Yuan2.0-2B model support sequence length up to 8192 tokens,  Yuan2.0-51B and Yuan2.0-102B models support sequence length up to 4096 tokens, you and set `--max-position-embeddings` and `--seq-length` values according to your device memory.

### Evaluation

We provide evaluation scripts for [HumanEval](./docs/eval_humaneval.md)，[AGIEval-Math](./docs/eval_agieval_math.md)，[GSM-8K](./docs/eval_gsm_8k.md) and [TruthfulQA](./docs/eval_TruthfulQA.md) for users to reproduce ours numbers. We conducted performance tests on different size of Yuan 2.0 models, which can be found in our paper.

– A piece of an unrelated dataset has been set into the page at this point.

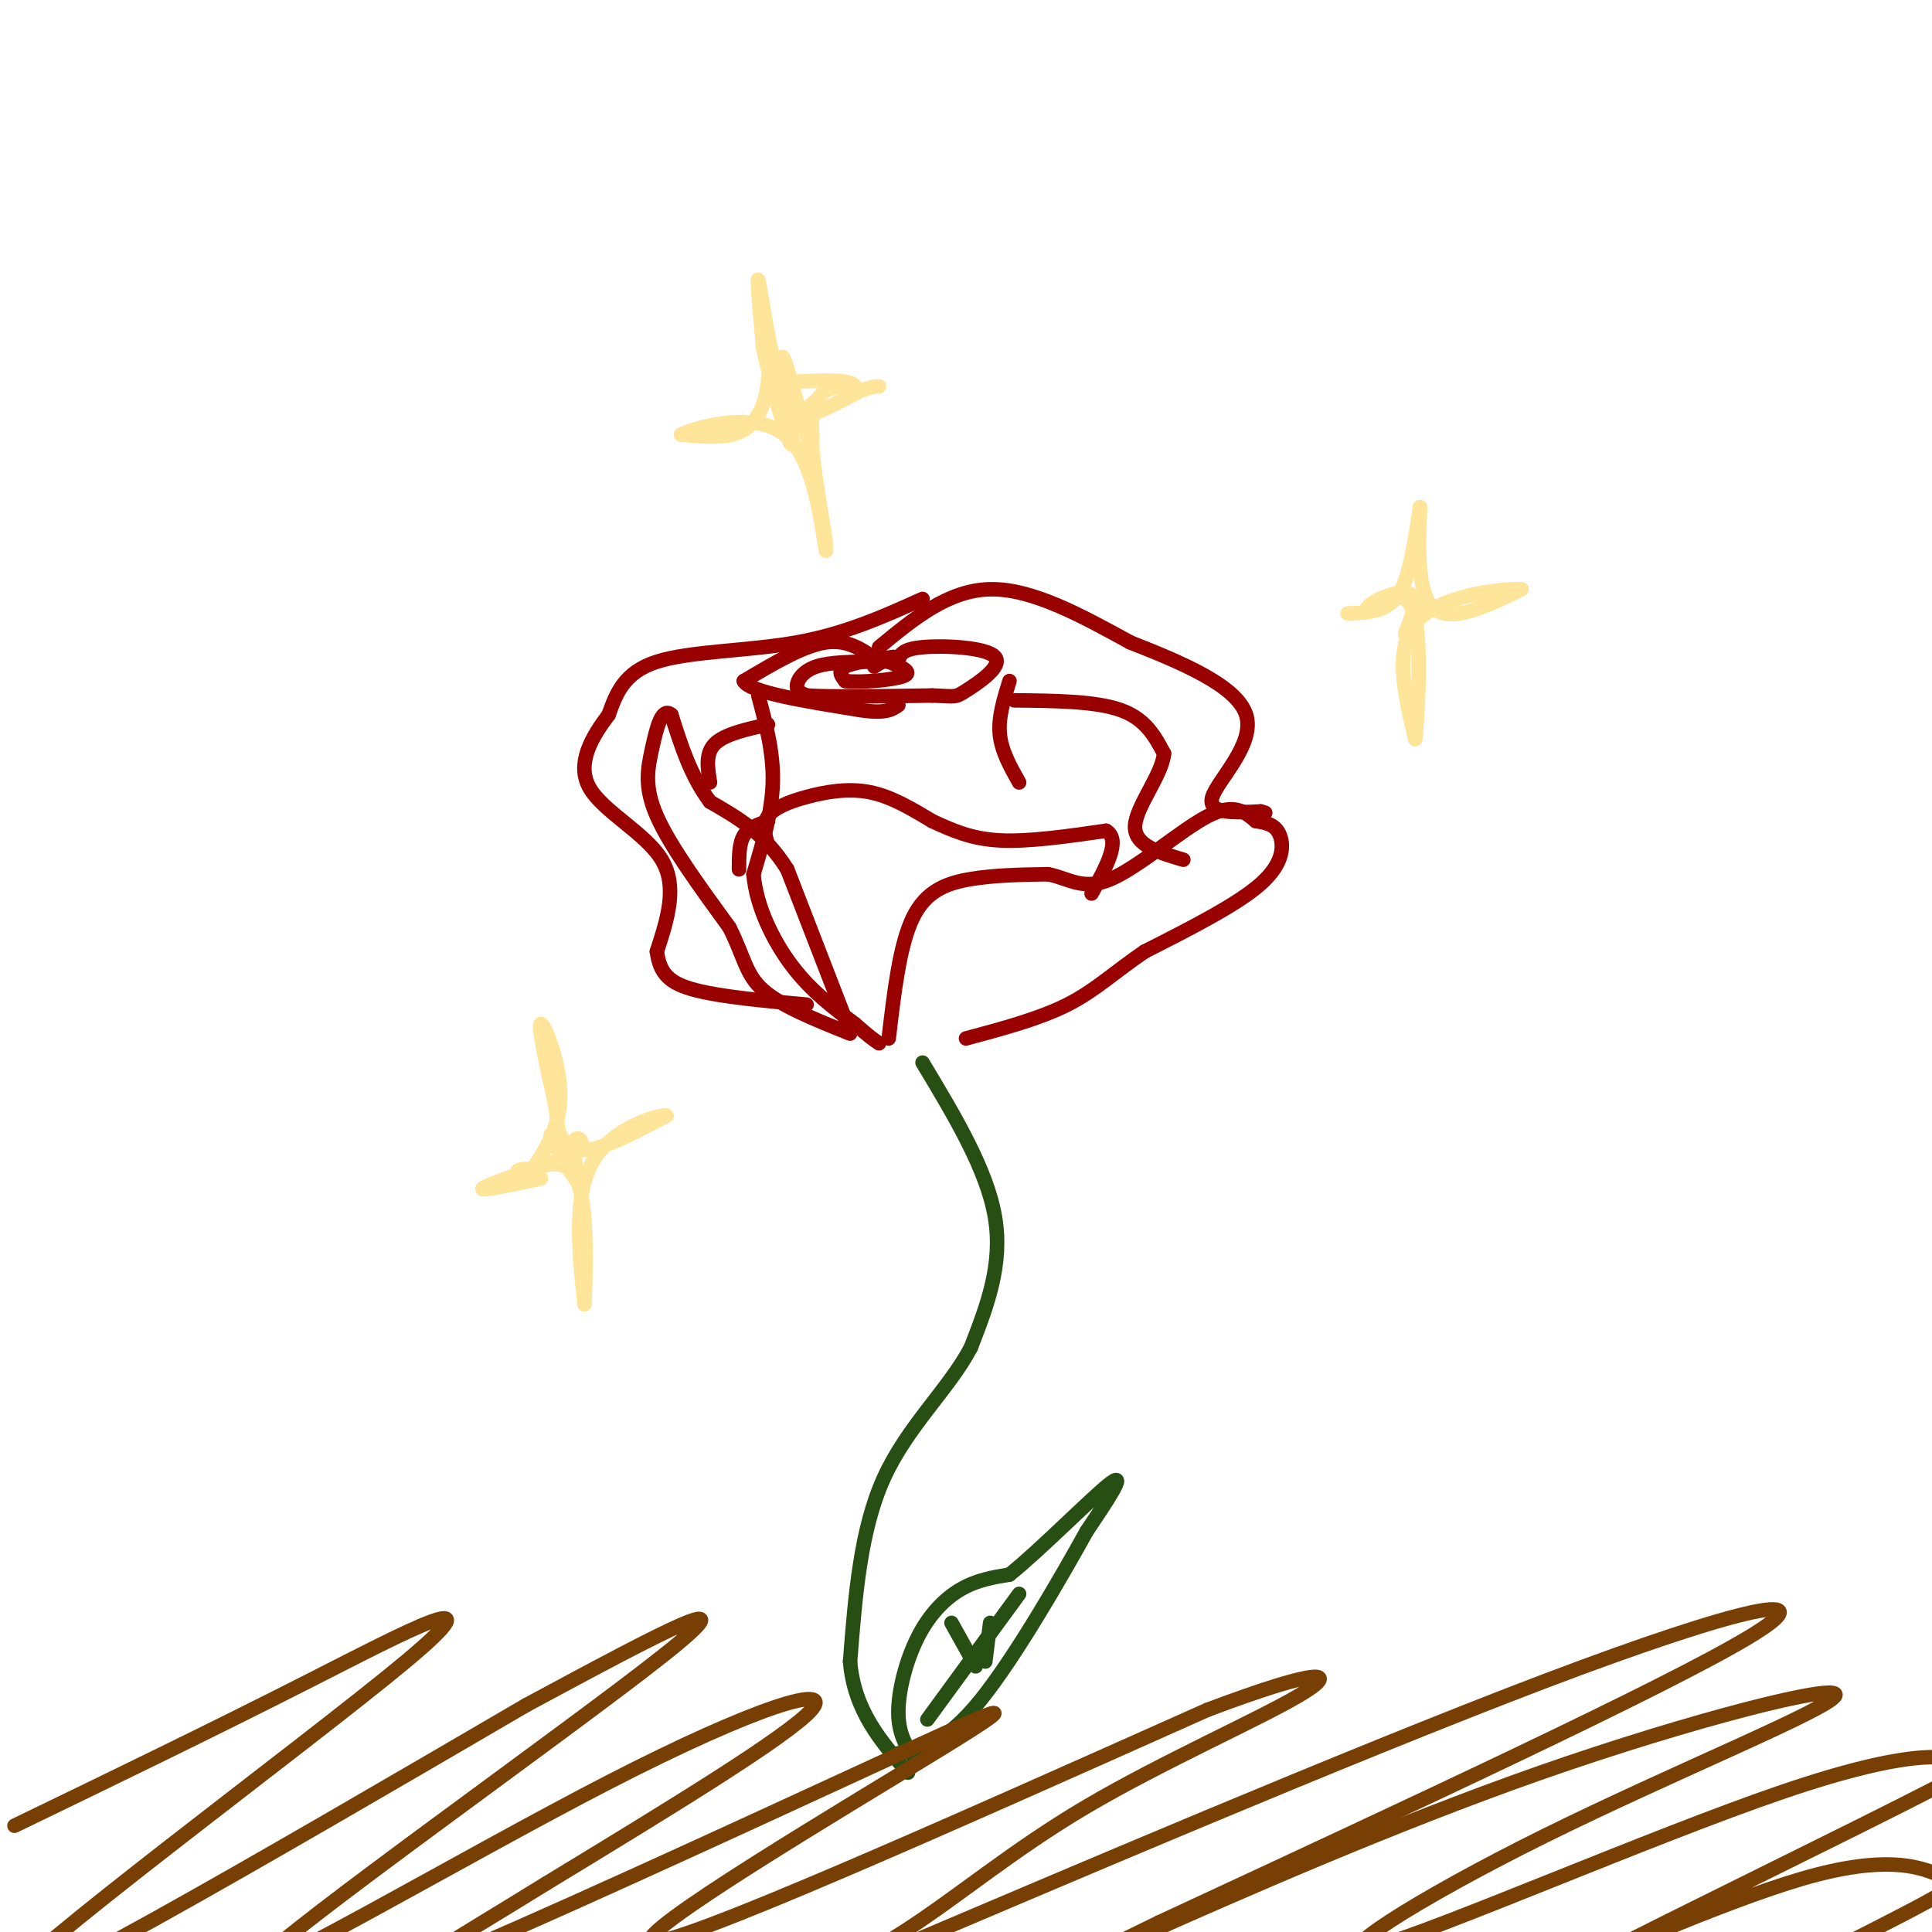 <svg viewBox='0 0 400 400' version='1.1' xmlns='http://www.w3.org/2000/svg' xmlns:xlink='http://www.w3.org/1999/xlink'><g fill='none' stroke='rgb(153,0,0)' stroke-width='3' stroke-linecap='round' stroke-linejoin='round'><path d='M185,136c-4.167,0.583 -8.333,1.167 -10,2c-1.667,0.833 -0.833,1.917 0,3'/><path d='M175,141c2.800,0.378 9.800,-0.178 12,-1c2.200,-0.822 -0.400,-1.911 -3,-3'/><path d='M184,137c-1.000,-0.333 -2.000,0.333 -3,1'/><path d='M181,137c-4.578,0.022 -9.156,0.044 -12,1c-2.844,0.956 -3.956,2.844 -4,4c-0.044,1.156 0.978,1.578 2,2'/><path d='M167,144c4.667,0.333 15.333,0.167 26,0'/><path d='M193,144c5.021,0.156 4.573,0.547 7,-1c2.427,-1.547 7.730,-5.032 6,-7c-1.730,-1.968 -10.494,-2.419 -15,-2c-4.506,0.419 -4.753,1.710 -5,3'/><path d='M186,137c-1.833,0.333 -3.917,-0.333 -6,-1'/><path d='M182,137c-3.167,-2.333 -6.333,-4.667 -11,-4c-4.667,0.667 -10.833,4.333 -17,8'/><path d='M154,141c1.167,2.333 12.583,4.167 24,6'/><path d='M178,147c5.333,0.833 6.667,-0.083 8,-1'/><path d='M157,144c1.583,5.917 3.167,11.833 3,18c-0.167,6.167 -2.083,12.583 -4,19'/><path d='M156,181c0.578,6.644 4.022,13.756 8,19c3.978,5.244 8.489,8.622 13,12'/><path d='M177,212c3.000,2.667 4.000,3.333 5,4'/><path d='M184,215c1.133,-9.689 2.267,-19.378 5,-25c2.733,-5.622 7.067,-7.178 12,-8c4.933,-0.822 10.467,-0.911 16,-1'/><path d='M217,181c4.345,0.857 7.208,3.500 13,1c5.792,-2.500 14.512,-10.143 20,-13c5.488,-2.857 7.744,-0.929 10,1'/><path d='M260,170c2.631,0.405 4.208,0.917 5,3c0.792,2.083 0.798,5.738 -4,10c-4.798,4.262 -14.399,9.131 -24,14'/><path d='M237,197c-6.356,4.311 -10.244,8.089 -16,11c-5.756,2.911 -13.378,4.956 -21,7'/><path d='M175,211c0.000,0.000 -12.000,-31.000 -12,-31'/><path d='M163,180c-4.667,-7.500 -10.333,-10.750 -16,-14'/><path d='M147,166c-4.000,-5.333 -6.000,-11.667 -8,-18'/><path d='M139,148c-2.024,-1.762 -3.083,2.833 -4,7c-0.917,4.167 -1.690,7.905 1,14c2.690,6.095 8.845,14.548 15,23'/><path d='M151,192c3.089,6.067 3.311,9.733 7,13c3.689,3.267 10.844,6.133 18,9'/><path d='M147,162c-0.500,-3.000 -1.000,-6.000 1,-8c2.000,-2.000 6.500,-3.000 11,-4'/><path d='M209,141c-1.167,3.750 -2.333,7.500 -2,11c0.333,3.500 2.167,6.750 4,10'/><path d='M159,175c-0.595,-2.149 -1.190,-4.298 0,-6c1.190,-1.702 4.167,-2.958 8,-4c3.833,-1.042 8.524,-1.869 13,-1c4.476,0.869 8.738,3.435 13,6'/><path d='M193,170c4.156,1.911 8.044,3.689 14,4c5.956,0.311 13.978,-0.844 22,-2'/><path d='M229,172c3.167,1.833 0.083,7.417 -3,13'/><path d='M159,170c-2.000,0.667 -4.000,1.333 -5,3c-1.000,1.667 -1.000,4.333 -1,7'/><path d='M210,145c8.417,0.083 16.833,0.167 22,2c5.167,1.833 7.083,5.417 9,9'/><path d='M241,156c-0.378,4.422 -5.822,10.978 -6,15c-0.178,4.022 4.911,5.511 10,7'/><path d='M182,134c7.167,-5.917 14.333,-11.833 23,-12c8.667,-0.167 18.833,5.417 29,11'/><path d='M234,133c10.452,4.119 22.083,8.917 24,15c1.917,6.083 -5.881,13.452 -7,17c-1.119,3.548 4.440,3.274 10,3'/><path d='M261,168c1.667,0.500 0.833,0.250 0,0'/><path d='M191,124c-7.978,3.600 -15.956,7.200 -26,9c-10.044,1.800 -22.156,1.800 -29,4c-6.844,2.200 -8.422,6.600 -10,11'/><path d='M126,148c-3.357,4.429 -6.750,10.000 -4,15c2.750,5.000 11.643,9.429 15,15c3.357,5.571 1.179,12.286 -1,19'/><path d='M136,197c0.600,4.600 2.600,6.600 8,8c5.400,1.400 14.200,2.200 23,3'/></g>
<g fill='none' stroke='rgb(39,78,19)' stroke-width='3' stroke-linecap='round' stroke-linejoin='round'><path d='M191,220c6.667,11.083 13.333,22.167 15,32c1.667,9.833 -1.667,18.417 -5,27'/><path d='M201,279c-4.467,8.511 -13.133,16.289 -18,27c-4.867,10.711 -5.933,24.356 -7,38'/><path d='M176,344c0.833,10.167 6.417,16.583 12,23'/><path d='M190,365c-1.935,-2.696 -3.869,-5.393 -4,-10c-0.131,-4.607 1.542,-11.125 4,-16c2.458,-4.875 5.702,-8.107 9,-10c3.298,-1.893 6.649,-2.446 10,-3'/><path d='M209,326c6.444,-5.133 17.556,-16.467 21,-19c3.444,-2.533 -0.778,3.733 -5,10'/><path d='M225,317c-4.911,8.844 -14.689,25.956 -22,35c-7.311,9.044 -12.156,10.022 -17,11'/><path d='M192,356c0.000,0.000 19.000,-26.000 19,-26'/><path d='M202,345c0.000,0.000 -5.000,-9.000 -5,-9'/><path d='M204,344c0.000,0.000 1.000,-8.000 1,-8'/></g>
<g fill='none' stroke='rgb(120,63,4)' stroke-width='3' stroke-linecap='round' stroke-linejoin='round'><path d='M3,378c20.369,-9.851 40.738,-19.702 61,-30c20.262,-10.298 40.417,-21.042 20,-4c-20.417,17.042 -81.405,61.869 -84,68c-2.595,6.131 53.202,-26.435 109,-59'/><path d='M109,353c29.184,-15.721 47.643,-25.525 28,-10c-19.643,15.525 -77.389,56.378 -83,63c-5.611,6.622 40.912,-20.986 72,-37c31.088,-16.014 46.739,-20.432 42,-15c-4.739,5.432 -29.870,20.716 -55,36'/><path d='M113,390c-18.294,11.344 -36.529,21.703 -22,16c14.529,-5.703 61.822,-27.467 89,-40c27.178,-12.533 34.240,-15.836 15,-4c-19.240,11.836 -64.783,38.810 -60,40c4.783,1.190 59.891,-23.405 115,-48'/><path d='M250,354c24.270,-9.143 27.445,-8.002 19,-3c-8.445,5.002 -28.511,13.865 -44,23c-15.489,9.135 -26.402,18.542 -38,26c-11.598,7.458 -23.882,12.968 2,2c25.882,-10.968 89.930,-38.415 131,-54c41.070,-15.585 59.163,-19.310 42,-9c-17.163,10.310 -69.581,34.655 -122,59'/><path d='M240,398c-23.053,11.233 -19.685,9.815 -2,2c17.685,-7.815 49.688,-22.027 81,-33c31.312,-10.973 61.934,-18.709 61,-16c-0.934,2.709 -33.424,15.861 -60,29c-26.576,13.139 -47.237,26.264 -35,23c12.237,-3.264 57.371,-22.917 84,-32c26.629,-9.083 34.751,-7.595 37,-6c2.249,1.595 -1.376,3.298 -5,5'/><path d='M401,370c-17.594,9.073 -59.079,29.254 -66,33c-6.921,3.746 20.722,-8.944 38,-14c17.278,-5.056 24.190,-2.476 28,-1c3.810,1.476 4.517,1.850 1,4c-3.517,2.150 -11.259,6.075 -19,10'/></g>
<g fill='none' stroke='rgb(255,229,153)' stroke-width='3' stroke-linecap='round' stroke-linejoin='round'><path d='M279,127c2.467,-0.089 4.933,-0.178 7,-1c2.067,-0.822 3.733,-2.378 5,-6c1.267,-3.622 2.133,-9.311 3,-15'/><path d='M294,105c0.067,2.244 -1.267,15.356 2,20c3.267,4.644 11.133,0.822 19,-3'/><path d='M315,122c-1.667,-0.244 -15.333,0.644 -21,6c-5.667,5.356 -3.333,15.178 -1,25'/><path d='M293,153c0.289,-1.578 1.511,-18.022 0,-25c-1.511,-6.978 -5.756,-4.489 -10,-2'/><path d='M283,126c0.583,-1.512 7.042,-4.292 9,-3c1.958,1.292 -0.583,6.655 -1,8c-0.417,1.345 1.292,-1.327 3,-4'/><path d='M294,127c0.500,-1.000 0.250,-1.500 0,-2'/><path d='M109,244c3.467,-5.133 6.933,-10.267 7,-17c0.067,-6.733 -3.267,-15.067 -4,-15c-0.733,0.067 1.133,8.533 3,17'/><path d='M115,229c0.524,3.726 0.333,4.542 1,6c0.667,1.458 2.190,3.560 6,3c3.810,-0.560 9.905,-3.780 16,-7'/><path d='M138,231c-0.756,-0.422 -10.644,2.022 -15,9c-4.356,6.978 -3.178,18.489 -2,30'/><path d='M121,270c0.000,-0.533 1.000,-16.867 -1,-24c-2.000,-7.133 -7.000,-5.067 -12,-3'/><path d='M108,243c-1.833,-0.667 -0.417,-0.833 1,-1'/><path d='M112,244c-6.583,1.417 -13.167,2.833 -12,2c1.167,-0.833 10.083,-3.917 19,-7'/><path d='M119,239c2.911,-2.156 0.689,-4.044 0,-3c-0.689,1.044 0.156,5.022 1,9'/><path d='M120,245c-0.833,-0.167 -3.417,-5.083 -6,-10'/><path d='M158,68c0.689,3.556 1.378,7.111 1,11c-0.378,3.889 -1.822,8.111 -5,10c-3.178,1.889 -8.089,1.444 -13,1'/><path d='M141,90c1.978,-1.178 13.422,-4.622 20,-1c6.578,3.622 8.289,14.311 10,25'/><path d='M171,114c0.489,-1.533 -3.289,-17.867 -3,-26c0.289,-8.133 4.644,-8.067 9,-8'/><path d='M177,80c-0.500,-1.500 -6.250,-1.250 -12,-1'/><path d='M165,79c-2.798,-0.167 -3.792,-0.083 -5,-5c-1.208,-4.917 -2.631,-14.833 -3,-16c-0.369,-1.167 0.315,6.417 1,14'/><path d='M158,72c1.711,8.051 5.490,21.179 6,20c0.510,-1.179 -2.247,-16.663 -2,-18c0.247,-1.337 3.499,11.475 5,16c1.501,4.525 1.250,0.762 1,-3'/><path d='M168,87c0.631,-1.607 1.708,-4.125 1,-4c-0.708,0.125 -3.202,2.893 -2,3c1.202,0.107 6.101,-2.446 11,-5'/><path d='M178,81c2.500,-1.000 3.250,-1.000 4,-1'/></g>
</svg>

| Model             | GSM8K   | AGIEval-GK-Math-QA     | AGIEval-GK-Math-Cloze     | HumanEval | TurthfulQA |

| ----------------- | :----:  | :------------: | :---------------: | :-------: | ---------- |

|  GPT-4            |  92%    |     47.0%      |       16.1%       |   86.6%   |     59%    |

|  Chat-GPT         | 68.6%\* |     36.5%      |        7.3%       |  66.5%\*  |     34%\*  |

|  Llama2           | 56.8%   |       -        |         -         |   29.9%   |       -    |

| Yuan2.0-102B      | 76.6%   |     38.7%      |       13.5%       |   67.1%   |     58%    |

| Yuan2.0-102B-SC   | 86.2%   |     45.5%      |       15.2%       |   77.4%   |       -    |

\* Evaluate ChatGPT using exactly the same input data as Yuan 2.0 in November 2023

## Inference Service

For the inference efficiency, the Yuan2.0-51B and Yuan2.0-102B models need to be converted into model files with only tensor parallelism before starting the inference service. The details can be seen from documentation [here](./docs/checkpoint_process.md).

You can call the model by calling the inference service and sending a request to it. The details can be seen from documentation [here](./docs/inference_server.md).